─── Dataset content ───

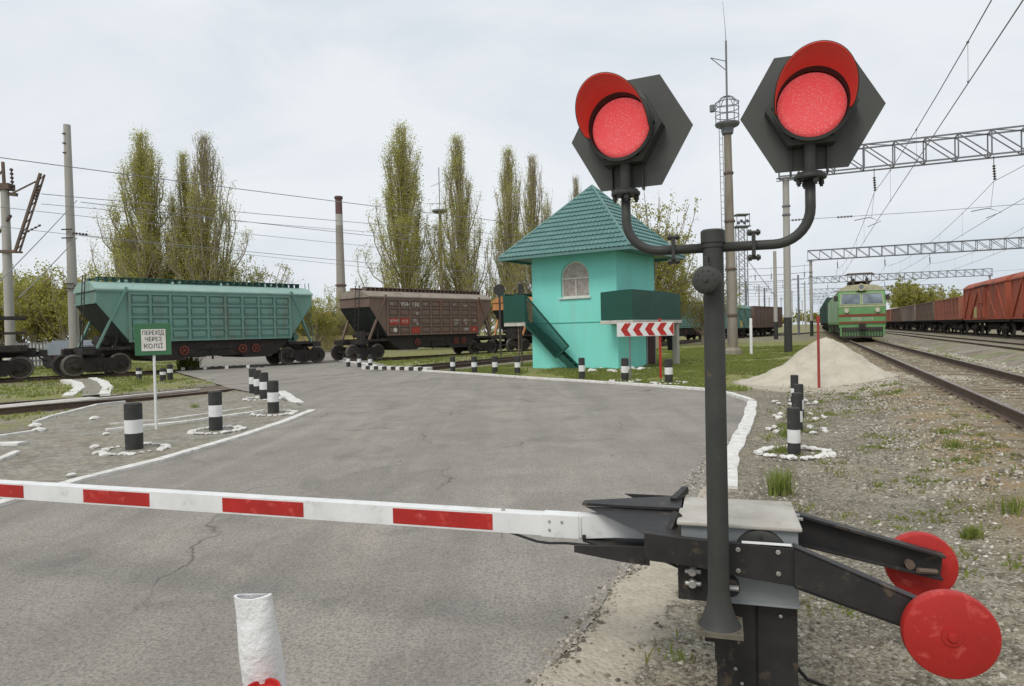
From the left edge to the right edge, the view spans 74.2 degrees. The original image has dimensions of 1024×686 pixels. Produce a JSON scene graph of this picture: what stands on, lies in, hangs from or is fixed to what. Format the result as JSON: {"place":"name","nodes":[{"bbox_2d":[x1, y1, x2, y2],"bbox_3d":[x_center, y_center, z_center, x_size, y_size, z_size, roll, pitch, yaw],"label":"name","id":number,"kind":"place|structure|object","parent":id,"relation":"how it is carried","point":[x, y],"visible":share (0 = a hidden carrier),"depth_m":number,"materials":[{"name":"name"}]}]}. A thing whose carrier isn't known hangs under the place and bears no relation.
{"place":"outdoors","nodes":[
{"label":"outdoors","id":0,"kind":"place"},
{"bbox_2d":[2,207,498,258],"bbox_3d":[-3.225,-7.428,55.871,0.024,0.742,66.850,0,1,39],"label":"overhead wire","id":1,"kind":"object","parent":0,"point":[225,231],"visible":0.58,"depth_m":38.80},
{"bbox_2d":[0,226,530,283],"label":"overhead wire","id":2,"kind":"object","parent":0,"point":[237,253],"visible":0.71,"depth_m":39.63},
{"bbox_2d":[45,204,505,242],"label":"overhead wire","id":3,"kind":"object","parent":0,"point":[255,222],"visible":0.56,"depth_m":41.78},
{"bbox_2d":[45,194,519,235],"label":"overhead wire","id":4,"kind":"object","parent":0,"point":[263,214],"visible":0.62,"depth_m":42.23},
{"bbox_2d":[81,202,503,249],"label":"overhead wire","id":5,"kind":"object","parent":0,"point":[273,224],"visible":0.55,"depth_m":44.01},
{"bbox_2d":[82,235,529,276],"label":"overhead wire","id":6,"kind":"object","parent":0,"point":[287,255],"visible":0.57,"depth_m":44.56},
{"bbox_2d":[0,157,695,241],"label":"overhead wire","id":7,"kind":"object","parent":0,"point":[242,189],"visible":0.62,"depth_m":33.59,"materials":[{"name":"metal"}]},
{"bbox_2d":[0,348,746,685],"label":"road","id":8,"kind":"structure","parent":0,"point":[90,594],"depth_m":5.16,"materials":[{"name":"asphalt"}]},
{"bbox_2d":[173,357,202,369],"bbox_3d":[-16.325,0.957,34.233,1.601,0.824,1.498,-1,1,0],"label":"grass tuft","id":9,"kind":"object","parent":8,"relation":"on","point":[188,362],"visible":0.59,"depth_m":34.04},
{"bbox_2d":[362,365,431,370],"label":"chequered kerb","id":10,"kind":"structure","parent":8,"relation":"on","point":[414,368],"depth_m":29.24,"materials":[{"name":"black paint"}]},
{"bbox_2d":[0,323,1023,685],"bbox_3d":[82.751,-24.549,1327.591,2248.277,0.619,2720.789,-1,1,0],"label":"ground","id":11,"kind":"structure","parent":0,"point":[646,599],"depth_m":5.19,"materials":[{"name":"gravel"}]},
{"bbox_2d":[0,162,45,359],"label":"catenary pole","id":12,"kind":"object","parent":11,"relation":"on","point":[6,251],"visible":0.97,"depth_m":33.77,"materials":[{"name":"concrete"}]},
{"bbox_2d":[16,342,49,365],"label":"picket fence","id":13,"kind":"object","parent":11,"relation":"on","point":[36,360],"visible":0.27,"depth_m":41.42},
{"bbox_2d":[0,258,112,345],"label":"thicket","id":14,"kind":"object","parent":11,"relation":"on","point":[41,304],"visible":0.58,"depth_m":51.07,"materials":[{"name":"green plant"}]},
{"bbox_2d":[42,340,102,367],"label":"covered trailer","id":15,"kind":"object","parent":11,"relation":"on","point":[53,348],"visible":0.34,"depth_m":40.27,"materials":[{"name":"metal"}]},
{"bbox_2d":[60,379,84,396],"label":"kerb","id":16,"kind":"structure","parent":11,"relation":"on","point":[77,385],"depth_m":23.17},
{"bbox_2d":[61,124,87,355],"bbox_3d":[-22.889,-4.836,35.728,1.553,13.403,0.654,-1,1,14],"label":"concrete pole","id":17,"kind":"object","parent":11,"relation":"on","point":[73,323],"visible":0.68,"depth_m":35.73,"materials":[{"name":"concrete"}]},
{"bbox_2d":[32,401,125,422],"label":"kerb","id":18,"kind":"structure","parent":11,"relation":"on","point":[62,413],"depth_m":14.96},
{"bbox_2d":[71,378,101,395],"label":"footpath","id":19,"kind":"structure","parent":11,"relation":"on","point":[92,387],"depth_m":23.09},
{"bbox_2d":[0,388,200,407],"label":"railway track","id":20,"kind":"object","parent":11,"relation":"on","point":[71,400],"visible":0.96,"depth_m":17.61,"materials":[{"name":"metal"}]},
{"bbox_2d":[89,377,112,395],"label":"kerb","id":21,"kind":"structure","parent":11,"relation":"on","point":[104,384],"depth_m":22.77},
{"bbox_2d":[78,123,196,283],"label":"poplar tree","id":22,"kind":"object","parent":11,"relation":"on","point":[141,163],"visible":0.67,"depth_m":58.99,"materials":[{"name":"green plant"}]},
{"bbox_2d":[0,392,307,498],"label":"walkway","id":23,"kind":"structure","parent":11,"relation":"on","point":[58,450],"depth_m":10.98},
{"bbox_2d":[92,442,171,455],"bbox_3d":[-5.382,1.505,9.596,0.935,0.069,0.955,0,1,41],"label":"stone circle","id":24,"kind":"object","parent":23,"relation":"on","point":[104,452],"visible":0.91,"depth_m":9.40,"materials":[{"name":"stone"}]},
{"bbox_2d":[123,402,143,449],"bbox_3d":[-5.410,1.249,9.687,0.232,0.794,0.236,-2,1,-35],"label":"bollard","id":25,"kind":"object","parent":23,"relation":"on","point":[133,422],"visible":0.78,"depth_m":9.59,"materials":[{"name":"white paint"}]},
{"bbox_2d":[134,323,171,428],"bbox_3d":[-6.195,0.643,11.734,0.560,1.965,0.075,-2,1,-24],"label":"pedestrian sign","id":26,"kind":"object","parent":23,"relation":"on","point":[154,339],"visible":0.99,"depth_m":11.71,"materials":[{"name":"metal"}]},
{"bbox_2d":[208,391,222,430],"bbox_3d":[-5.022,1.207,11.471,0.216,0.794,0.213,0,1,38],"label":"bollard","id":27,"kind":"object","parent":23,"relation":"on","point":[215,410],"visible":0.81,"depth_m":11.38,"materials":[{"name":"white paint"}]},
{"bbox_2d":[186,425,246,434],"bbox_3d":[-4.953,1.461,11.363,0.950,0.083,0.939,-1,1,0],"label":"stone circle","id":28,"kind":"object","parent":23,"relation":"on","point":[235,429],"visible":0.91,"depth_m":11.22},
{"bbox_2d":[253,370,260,394],"bbox_3d":[-6.868,1.124,18.282,0.197,0.794,0.200,-2,1,-5],"label":"bollard","id":29,"kind":"object","parent":23,"relation":"on","point":[256,381],"visible":0.66,"depth_m":18.19,"materials":[{"name":"white paint"}]},
{"bbox_2d":[259,372,267,398],"bbox_3d":[-6.244,1.133,17.055,0.217,0.794,0.220,-2,1,-26],"label":"bollard","id":30,"kind":"object","parent":23,"relation":"on","point":[263,378],"visible":0.73,"depth_m":16.96,"materials":[{"name":"white paint"}]},
{"bbox_2d":[267,380,278,413],"bbox_3d":[-4.875,1.161,13.823,0.224,0.794,0.221,-1,1,0],"label":"bollard","id":31,"kind":"object","parent":23,"relation":"on","point":[273,395],"visible":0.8,"depth_m":13.73,"materials":[{"name":"white paint"}]},
{"bbox_2d":[0,409,315,506],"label":"kerb","id":32,"kind":"structure","parent":11,"relation":"on","point":[4,501],"depth_m":8.97,"materials":[{"name":"concrete"}]},
{"bbox_2d":[106,386,232,399],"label":"crossing planks","id":33,"kind":"object","parent":11,"relation":"on","point":[212,388],"visible":0.18,"depth_m":20.15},
{"bbox_2d":[109,406,251,424],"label":"kerb","id":34,"kind":"structure","parent":11,"relation":"on","point":[183,416],"depth_m":13.36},
{"bbox_2d":[105,410,264,430],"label":"kerb","id":35,"kind":"structure","parent":11,"relation":"on","point":[178,422],"depth_m":12.52,"materials":[{"name":"concrete"}]},
{"bbox_2d":[157,149,221,279],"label":"poplar tree","id":36,"kind":"object","parent":11,"relation":"on","point":[181,174],"visible":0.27,"depth_m":61.38,"materials":[{"name":"green plant"}]},
{"bbox_2d":[149,130,262,283],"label":"poplar tree","id":37,"kind":"object","parent":11,"relation":"on","point":[205,258],"visible":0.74,"depth_m":59.95,"materials":[{"name":"green plant"}]},
{"bbox_2d":[181,364,263,369],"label":"chequered kerb","id":38,"kind":"structure","parent":11,"relation":"on","point":[220,367],"depth_m":34.11,"materials":[{"name":"black paint"}]},
{"bbox_2d":[213,252,268,286],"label":"maple tree","id":39,"kind":"object","parent":11,"relation":"on","point":[249,276],"visible":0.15,"depth_m":62.45,"materials":[{"name":"green plant"}]},
{"bbox_2d":[202,262,303,287],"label":"maple tree","id":40,"kind":"object","parent":11,"relation":"on","point":[286,270],"visible":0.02,"depth_m":67.13,"materials":[{"name":"green plant"}]},
{"bbox_2d":[234,593,285,685],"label":"pipe post","id":41,"kind":"object","parent":11,"relation":"on","point":[260,653],"visible":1,"depth_m":1.90,"materials":[{"name":"white paint"}]},
{"bbox_2d":[279,391,303,403],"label":"kerb","id":42,"kind":"structure","parent":11,"relation":"on","point":[289,397],"depth_m":17.21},
{"bbox_2d":[81,316,502,346],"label":"undergrowth","id":43,"kind":"object","parent":11,"relation":"on","point":[298,330],"visible":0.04,"depth_m":73.13,"materials":[{"name":"green plant"}]},
{"bbox_2d":[297,285,340,341],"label":"maple tree","id":44,"kind":"object","parent":11,"relation":"on","point":[323,319],"visible":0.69,"depth_m":61.72,"materials":[{"name":"green plant"}]},
{"bbox_2d":[281,335,367,351],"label":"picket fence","id":45,"kind":"object","parent":11,"relation":"on","point":[328,346],"visible":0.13,"depth_m":63.79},
{"bbox_2d":[319,299,353,345],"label":"maple tree","id":46,"kind":"object","parent":11,"relation":"on","point":[349,331],"visible":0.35,"depth_m":71.39,"materials":[{"name":"green plant"}]},
{"bbox_2d":[334,196,346,314],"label":"factory chimney","id":47,"kind":"object","parent":11,"relation":"on","point":[340,279],"visible":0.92,"depth_m":148.90,"materials":[{"name":"brick"}]},
{"bbox_2d":[0,333,782,414],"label":"railway track","id":48,"kind":"structure","parent":11,"relation":"on","point":[79,404],"depth_m":18.89,"materials":[{"name":"metal"}]},
{"bbox_2d":[351,114,453,289],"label":"poplar tree","id":49,"kind":"object","parent":11,"relation":"on","point":[404,195],"visible":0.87,"depth_m":65.02,"materials":[{"name":"green plant"}]},
{"bbox_2d":[0,345,807,421],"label":"grass","id":50,"kind":"structure","parent":11,"relation":"on","point":[733,365],"depth_m":26.20,"materials":[{"name":"plant"}]},
{"bbox_2d":[0,332,816,382],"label":"railway track","id":51,"kind":"structure","parent":11,"relation":"on","point":[39,378],"depth_m":32.27,"materials":[{"name":"metal"}]},
{"bbox_2d":[0,316,47,378],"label":"gondola wagon","id":52,"kind":"object","parent":51,"relation":"on","point":[19,364],"visible":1,"depth_m":28.61,"materials":[{"name":"metal"}]},
{"bbox_2d":[51,274,324,376],"bbox_3d":[-15.813,-0.933,34.744,3.260,4.533,13.050,0,1,43],"label":"hopper wagon","id":53,"kind":"object","parent":51,"relation":"on","point":[225,318],"visible":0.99,"depth_m":32.93,"materials":[{"name":"teal paint"}]},
{"bbox_2d":[331,285,496,360],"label":"hopper wagon","id":54,"kind":"object","parent":51,"relation":"on","point":[380,320],"visible":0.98,"depth_m":43.06,"materials":[{"name":"brown paint"}]},
{"bbox_2d":[491,292,532,351],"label":"hopper wagon","id":55,"kind":"object","parent":51,"relation":"on","point":[510,341],"visible":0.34,"depth_m":52.64,"materials":[{"name":"orange paint"}]},
{"bbox_2d":[661,304,700,341],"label":"hopper wagon","id":56,"kind":"object","parent":51,"relation":"on","point":[687,330],"visible":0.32,"depth_m":75.84,"materials":[{"name":"teal paint"}]},
{"bbox_2d":[725,305,750,336],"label":"covered goods wagon","id":57,"kind":"object","parent":51,"relation":"on","point":[744,314],"visible":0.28,"depth_m":90.32,"materials":[{"name":"teal paint"}]},
{"bbox_2d":[739,306,782,336],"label":"gondola wagon","id":58,"kind":"object","parent":51,"relation":"on","point":[762,317],"visible":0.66,"depth_m":97.12,"materials":[{"name":"brown paint"}]},
{"bbox_2d":[425,133,495,302],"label":"poplar tree","id":59,"kind":"object","parent":11,"relation":"on","point":[457,173],"visible":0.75,"depth_m":67.19,"materials":[{"name":"green plant"}]},
{"bbox_2d":[449,261,531,335],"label":"maple tree","id":60,"kind":"object","parent":11,"relation":"on","point":[491,314],"visible":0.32,"depth_m":64.73,"materials":[{"name":"green plant"}]},
{"bbox_2d":[494,284,504,354],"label":"signal","id":61,"kind":"object","parent":11,"relation":"on","point":[499,290],"visible":0.88,"depth_m":43.90,"materials":[{"name":"black paint"}]},
{"bbox_2d":[0,479,1001,685],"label":"level crossing barrier","id":62,"kind":"object","parent":11,"relation":"on","point":[776,565],"visible":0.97,"depth_m":2.86,"materials":[{"name":"metal"}]},
{"bbox_2d":[572,40,885,643],"bbox_3d":[0.775,0.029,2.508,1.163,2.195,0.371,-1,1,17],"label":"crossing signal","id":63,"kind":"object","parent":62,"relation":"attached to","point":[812,108],"visible":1,"depth_m":2.57,"materials":[{"name":"black metal"}]},
{"bbox_2d":[482,145,539,328],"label":"poplar tree","id":64,"kind":"object","parent":11,"relation":"on","point":[511,231],"visible":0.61,"depth_m":69.22,"materials":[{"name":"green plant"}]},
{"bbox_2d":[516,153,552,293],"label":"poplar tree","id":65,"kind":"object","parent":11,"relation":"on","point":[532,185],"visible":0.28,"depth_m":73.26,"materials":[{"name":"green plant"}]},
{"bbox_2d":[422,370,754,401],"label":"kerb","id":66,"kind":"structure","parent":11,"relation":"on","point":[739,396],"depth_m":19.64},
{"bbox_2d":[498,185,684,368],"bbox_3d":[3.466,-2.799,28.770,6.121,7.824,5.589,-1,1,35],"label":"crossing keeper booth","id":67,"kind":"object","parent":11,"relation":"on","point":[592,272],"visible":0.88,"depth_m":27.31,"materials":[{"name":"teal paint"}]},
{"bbox_2d":[559,261,590,299],"bbox_3d":[2.543,-2.533,27.249,1.460,1.510,0.220,-1,1,35],"label":"window","id":68,"kind":"structure","parent":67,"relation":"in","point":[575,276],"depth_m":27.33,"materials":[{"name":"grey glass"}]},
{"bbox_2d":[646,336,655,364],"bbox_3d":[5.892,0.020,28.730,0.050,1.840,0.960,-1,1,35],"label":"door","id":69,"kind":"structure","parent":67,"relation":"in","point":[650,340],"depth_m":28.69,"materials":[{"name":"grey paint"}]},
{"bbox_2d":[621,358,628,380],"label":"bollard","id":70,"kind":"object","parent":11,"relation":"on","point":[624,369],"visible":0.84,"depth_m":20.19,"materials":[{"name":"white paint"}]},
{"bbox_2d":[617,318,673,377],"bbox_3d":[4.213,0.223,21.349,1.838,1.980,0.110,-1,1,-6],"label":"chevron board","id":71,"kind":"object","parent":11,"relation":"on","point":[659,328],"visible":0.98,"depth_m":21.30,"materials":[{"name":"red paint"}]},
{"bbox_2d":[617,187,700,346],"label":"maple tree","id":72,"kind":"object","parent":11,"relation":"on","point":[668,270],"visible":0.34,"depth_m":54.40,"materials":[{"name":"green plant"}]},
{"bbox_2d":[664,359,672,382],"bbox_3d":[4.422,0.848,19.112,0.221,0.804,0.224,-2,1,5],"label":"bollard","id":73,"kind":"object","parent":11,"relation":"on","point":[668,365],"visible":0.82,"depth_m":19.02,"materials":[{"name":"white paint"}]},
{"bbox_2d":[660,253,696,324],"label":"maple tree","id":74,"kind":"object","parent":11,"relation":"on","point":[687,288],"visible":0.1,"depth_m":63.44,"materials":[{"name":"green plant"}]},
{"bbox_2d":[660,266,747,344],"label":"maple tree","id":75,"kind":"object","parent":11,"relation":"on","point":[694,311],"visible":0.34,"depth_m":57.48,"materials":[{"name":"green plant"}]},
{"bbox_2d":[710,8,742,354],"bbox_3d":[11.693,-8.742,36.751,1.346,19.403,1.346,0,1,45],"label":"platform mast","id":76,"kind":"object","parent":11,"relation":"on","point":[726,126],"visible":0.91,"depth_m":36.60,"materials":[{"name":"concrete"}]},
{"bbox_2d":[727,401,756,488],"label":"kerb","id":77,"kind":"structure","parent":11,"relation":"on","point":[736,444],"depth_m":9.06,"materials":[{"name":"concrete"}]},
{"bbox_2d":[734,213,750,334],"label":"floodlight tower","id":78,"kind":"structure","parent":11,"relation":"on","point":[738,226],"depth_m":119.06,"materials":[{"name":"metal"}]},
{"bbox_2d":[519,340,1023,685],"bbox_3d":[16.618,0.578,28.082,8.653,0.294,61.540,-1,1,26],"label":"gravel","id":79,"kind":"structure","parent":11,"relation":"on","point":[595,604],"depth_m":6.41,"materials":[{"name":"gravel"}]},
{"bbox_2d":[787,407,800,454],"bbox_3d":[3.456,1.128,8.304,0.148,0.684,0.150,-1,1,36],"label":"bollard","id":80,"kind":"object","parent":79,"relation":"on","point":[793,433],"visible":0.77,"depth_m":8.24,"materials":[{"name":"white paint"}]},
{"bbox_2d":[941,437,969,448],"bbox_3d":[5.080,1.133,7.761,0.284,0.154,0.342,-1,1,36],"label":"grass tuft","id":81,"kind":"object","parent":79,"relation":"on","point":[954,444],"visible":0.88,"depth_m":7.75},
{"bbox_2d":[773,251,777,338],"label":"concrete pole","id":82,"kind":"object","parent":11,"relation":"on","point":[775,296],"visible":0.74,"depth_m":73.78,"materials":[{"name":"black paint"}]},
{"bbox_2d":[761,463,799,496],"bbox_3d":[2.522,1.287,6.361,0.415,0.294,0.412,-1,1,23],"label":"grass tuft","id":83,"kind":"object","parent":11,"relation":"on","point":[778,484],"visible":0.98,"depth_m":6.33,"materials":[{"name":"plant"}]},
{"bbox_2d":[791,392,802,430],"bbox_3d":[4.243,1.078,10.074,0.148,0.684,0.150,-2,1,22],"label":"bollard","id":84,"kind":"object","parent":11,"relation":"on","point":[796,399],"visible":0.51,"depth_m":10.01,"materials":[{"name":"white paint"}]},
{"bbox_2d":[733,337,898,386],"bbox_3d":[8.568,0.478,18.317,5.395,1.275,4.420,-1,1,0],"label":"sand heap","id":85,"kind":"object","parent":11,"relation":"on","point":[841,364],"visible":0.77,"depth_m":17.78,"materials":[{"name":"sand"}]},
{"bbox_2d":[816,316,819,387],"bbox_3d":[7.579,0.270,16.743,0.070,1.880,0.064,-1,1,0],"label":"marker post","id":86,"kind":"object","parent":11,"relation":"on","point":[818,346],"visible":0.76,"depth_m":16.72,"materials":[{"name":"metal"}]},
{"bbox_2d":[639,347,1023,663],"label":"weeds","id":87,"kind":"object","parent":11,"relation":"on","point":[966,573],"visible":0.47,"depth_m":7.22,"materials":[{"name":"green plant"}]},
{"bbox_2d":[782,273,962,328],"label":"distant wood","id":88,"kind":"object","parent":11,"relation":"on","point":[905,296],"visible":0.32,"depth_m":165.96,"materials":[{"name":"green plant"}]},
{"bbox_2d":[776,125,1023,351],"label":"portal gantry","id":89,"kind":"object","parent":11,"relation":"on","point":[786,206],"visible":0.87,"depth_m":36.68,"materials":[{"name":"metal"}]},
{"bbox_2d":[823,0,1023,298],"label":"contact line","id":90,"kind":"object","parent":89,"relation":"hanging from","point":[967,42],"visible":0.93,"depth_m":17.93,"materials":[{"name":"metal"}]},
{"bbox_2d":[808,268,992,295],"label":"portal gantry","id":91,"kind":"object","parent":11,"relation":"on","point":[973,274],"visible":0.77,"depth_m":132.82,"materials":[{"name":"metal"}]},
{"bbox_2d":[807,237,1023,335],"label":"portal gantry","id":92,"kind":"object","parent":11,"relation":"on","point":[831,258],"visible":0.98,"depth_m":85.32,"materials":[{"name":"metal"}]},
{"bbox_2d":[816,326,1023,458],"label":"railway track","id":93,"kind":"structure","parent":11,"relation":"on","point":[1003,412],"depth_m":14.66,"materials":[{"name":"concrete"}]},
{"bbox_2d":[825,290,838,334],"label":"electric locomotive","id":94,"kind":"object","parent":93,"relation":"on","point":[830,325],"visible":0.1,"depth_m":68.44,"materials":[{"name":"green paint"}]},
{"bbox_2d":[832,272,889,338],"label":"electric locomotive","id":95,"kind":"object","parent":93,"relation":"on","point":[858,309],"visible":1,"depth_m":47.33,"materials":[{"name":"green paint"}]},
{"bbox_2d":[877,330,1023,367],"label":"ballast bed","id":96,"kind":"object","parent":11,"relation":"on","point":[1012,358],"visible":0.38,"depth_m":33.26,"materials":[{"name":"gravel"}]},
{"bbox_2d":[885,331,1023,350],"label":"railway track","id":97,"kind":"structure","parent":96,"relation":"on","point":[1006,347],"depth_m":40.02,"materials":[{"name":"metal"}]},
{"bbox_2d":[885,329,1023,342],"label":"ballast bed","id":98,"kind":"object","parent":11,"relation":"on","point":[992,338],"visible":0.13,"depth_m":55.31,"materials":[{"name":"gravel"}]},
{"bbox_2d":[885,328,1023,338],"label":"railway track","id":99,"kind":"structure","parent":98,"relation":"on","point":[990,335],"depth_m":60.88,"materials":[{"name":"metal"}]},
{"bbox_2d":[891,307,907,329],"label":"gondola wagon","id":100,"kind":"object","parent":99,"relation":"on","point":[896,316],"visible":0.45,"depth_m":103.66,"materials":[{"name":"brown paint"}]},
{"bbox_2d":[902,305,933,330],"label":"gondola wagon","id":101,"kind":"object","parent":99,"relation":"on","point":[909,315],"visible":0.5,"depth_m":90.42,"materials":[{"name":"grey paint"}]},
{"bbox_2d":[916,301,956,331],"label":"gondola wagon","id":102,"kind":"object","parent":99,"relation":"on","point":[925,314],"visible":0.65,"depth_m":77.41,"materials":[{"name":"brown paint"}]},
{"bbox_2d":[935,296,990,333],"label":"gondola wagon","id":103,"kind":"object","parent":99,"relation":"on","point":[948,311],"visible":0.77,"depth_m":63.94,"materials":[{"name":"paint"}]},
{"bbox_2d":[963,272,1023,336],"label":"covered goods wagon","id":104,"kind":"object","parent":99,"relation":"on","point":[987,303],"visible":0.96,"depth_m":50.42,"materials":[{"name":"red paint"}]},
{"bbox_2d":[1010,271,1023,331],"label":"covered goods wagon","id":105,"kind":"object","parent":99,"relation":"on","point":[1017,296],"visible":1,"depth_m":43.51,"materials":[{"name":"red paint"}]},
{"bbox_2d":[958,522,989,539],"bbox_3d":[3.237,1.322,4.744,0.195,0.109,0.182,0,1,38],"label":"grass tuft","id":106,"kind":"object","parent":11,"relation":"on","point":[971,532],"visible":0.89,"depth_m":4.72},
{"bbox_2d":[987,490,1023,516],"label":"grass tuft","id":107,"kind":"object","parent":11,"relation":"on","point":[1014,508],"visible":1,"depth_m":5.19,"materials":[{"name":"plant"}]},
{"bbox_2d":[0,0,1023,342],"label":"sky","id":108,"kind":"structure","parent":0,"point":[302,98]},
{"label":"portal gantry","id":109,"kind":"object","parent":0,"visible":0},
{"bbox_2d":[872,165,1023,283],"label":"contact line","id":110,"kind":"object","parent":109,"relation":"hanging from","point":[952,222],"visible":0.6,"depth_m":41.46,"materials":[{"name":"metal"}]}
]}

───

Your reply must consist solely of the number of lines in the listing above that include the word "fence".

Task output: 2